Bahkan, mereka menyesuaikan jadwal kereta dengan jadwal siswi SMA tersebut. Stasiun Kami-Shirataki dengan JR telah mengambil komitmen untuk menjaga operasional stasiun ini hingga siswi SMA tersebut menyelesaikan pendidikannya.
Dari keadaan tersebut, dapat kita pahami bahwa kalkulasi pendidikan diletakkan terdepan melampaui budaya, lingkungan, apalagi ekonomi.

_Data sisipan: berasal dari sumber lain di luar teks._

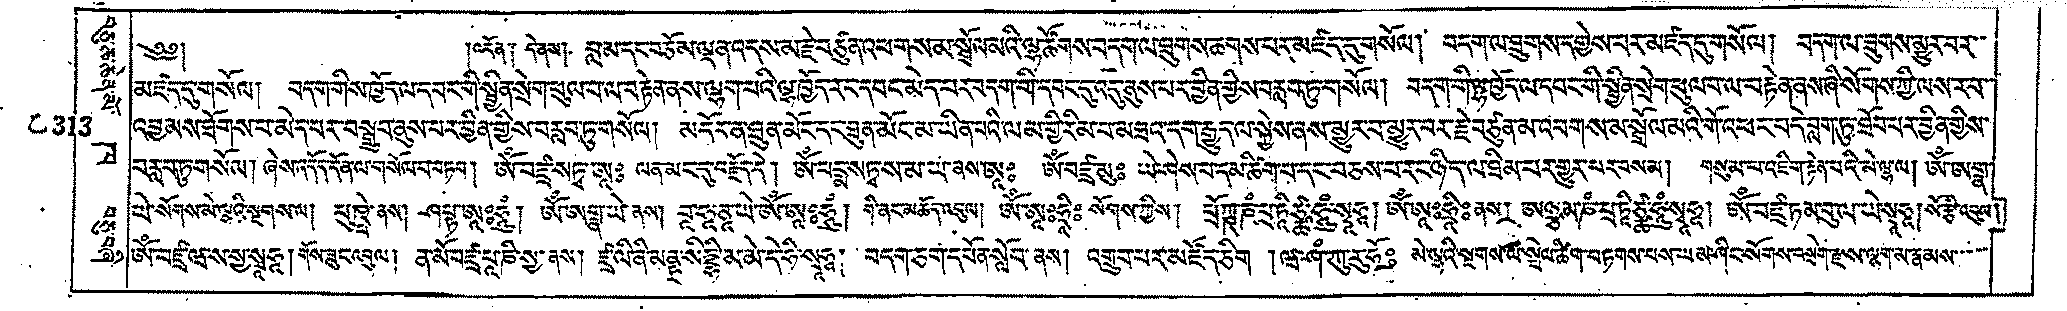༄༅། །འདོན༑ དེ་ནས།  བླ་མ་དང་བཅོམ་ལྡན་འདས་མ་རྗེ་བཙུན་འཕགས་མ་སྒྲོལ་མའི་ལྷ་ཚོགས་བདག་ལ་ཐུགས་ཆགས་པར་མཛད་དུ་གསོལ། བདག་ལ་ཐུགས་དགྱེས་པར་མཛད་དུ་གསོལ། བདག་ལ་ཐུགས་མྱུར་བར་་་
མཛད་དུ་གསོལ། བདག་གིས་ཁྱོད་ལ་དབང་གི་སྦྱིན་སྲེག་ཕུལ་བ་ལ་བརྟེན་ནས་ལྷག་པའི་ལྷ་ཁྱོད་རང་དབང་མེད་པར་བདག་གི་དབང་དུ་འདུ་ནུས་པར་བྱིན་གྱིས་བརླབ་ཏུ་གསོལ། བདག་གི་ལྷ་ཁྱོད་ལ་དབང་གི་སྦྱིན་སྲེག་ཕུལ་བ་ལ་བརྟེན་ནས་ཞི་སོགས་ཀྱི་ལས་རབ་་་
འབྱམས་ཐོགས་པ་མེད་པར་བསྒྲུབ་ནུས་པར་བྱིན་གྱིས་བརླབ་ཏུ་གསོལ། མདོར་ན་ཐུན་མོང་དང་ཐུན་མོང་མ་ཡིན་པའི་ལམ་གྱི་རིམ་པ་མཐའ་དག་རྒྱུད་ལ་སྐྱེས་ནས་མྱུར་བ་མྱུར་བར་རྗེ་བཙུན་མ་འཕགས་མ་སྒྲོལ་མའི་གོ་འཕང་བདེ་བླག་ཏུ་ཐོབ་པར་བྱིན་གྱིས་
བརླབ་ཏུ་གསོལ། ཞེས་འདོད་དོན་ལ་གསོལ་བ་བཏབ།  ཨོཾ་བཛྲ་སཏྭ་ཨཱཿ ལན་མང་དུ་བརྗོད་དེ།  ཨོཾ་པདམ་སཏྭ་ས་མ་ཡ་ནས་ཨཱཿ ཨོཾ་བཛྲ་མུཿ ཡེ་ཤེས་པ་དམ་ཚིག་པ་དང་བཅས་པ་རང་ཉིད་ལ་ཐིམ་པར་གྱུར་པར་བསམ། གསུམ་པ་འཇིག་རྟེན་པའི་མེ་ལྷ་ལ།  ཨོཾ་ཨགན་
ཡེ་སོགས་མེ་ལྷའི་སྔགས་ལ།  པུཥྤེ་ནས།  ཤཔྟ་ཨཱཿཧཱུཾ། ཨོཾ་ཨགན་ཡེ་ནས།  བཱ་ཧཱ་ནཱ་ཡེ་ཨོཾ་ཨཱཿ ཧཱུཾ། གི་ནང་མཆོད་འབུལ།  ཨོཾ་ཨཱཿཧྲཱིཿ སོགས་ཀྱིས།  པྲོཀྵ་ཎཾ་པྲ་ཏཱི་ཙྪ་ཧཱུཾ་སྭཱཧཱ། ཨོཾ་ཨཱ༑ཧྲཱིཿ ནས་ཨཉྩ་མ་ཎཾ་པྲ་ཏཱི་ཙྪ་ཧཱུཾ་སྭཱཧའ། ཨོཾ་བཛྲ་ཏམ་བུ་ལ་ཡེ་སྭཱཧཱ། སོ་རྩི་འབུལ།
ཨོཾ་བཛྲ་ཝ་ས་སྱ་སྭཱཧཱ། གོས་ཟུང་འབུལ།  ན་མོ་བཛྲ་པཱ་ཎི་སྱ་ནས།  ཛྲ་ལི་ནི་མནྟྲ་སིདྡྷི་མ་མེ་དེ་ཧི་སྭཱཧཱ། བདག་ཅག་དཔོན་སློབ་ནས།  འགྲུབ་པར་མཛོད་ཅིག །ཝ་ཤཾ་ཀུ་རུ་ཧོཿ མེ་ལྷའི་སྔགས་ལ་སྤེལ་ཚིག་བཏགས་པས་ཡམ་ཤིང་སོགས་བསྲེག་རྫས་ལྷག་མ་རྣམྶ་་་

Pikiran untung rugi benar-benar hampir tidak diperlihatkan. Sekalipun secara peraturan dan perhitungan akomodasi biaya jelas bertentangan, namun mereka lebih percaya bahwa pendidikan jauh dari segalanya.
Mungkin dari kalkulasi ekonomi, hal tersebut lebih banyak ruginya. Karena mengoperasikan kereta hanya untuk satu penumpang di tiap hari.
Namun sayangnya pemerintah Jepang mengesampingkan kalkulasi seperti itu. Orientasi kebutuhan pendidikan untuk generasi muda diprioritaskan melebihi apapun. Diletakkan pada titik terdepannya.
Sangat tidak mengherankan bila itu terjadi, mengingat setelah diluluhlantahkan dengan bom atom saja, justru guru yang lebih dipikirkan oleh Jepang. Ini cerminan budaya yang luar biasa dalam menghargai, menjalankan, dan mengapresiasi pendidikan.
Harusnya kalkulasi semacam itu yang dikedepankan oleh aparat dan negara dalam persoalan agraria Rempang.
Bukankah mereka dengan sadar tahu lokasi bentrok terdapat sekolah dan pemukiman penduduk? Mereka sebenarnya bekerja dan bertugas untuk kepentingan siapa?
Kalaupun sudah jelas ada begitu banyak massa menghadang di depan, bukankah sebaik-baiknya langkah adalah mundur dan mengedepankan musyawarah ulang?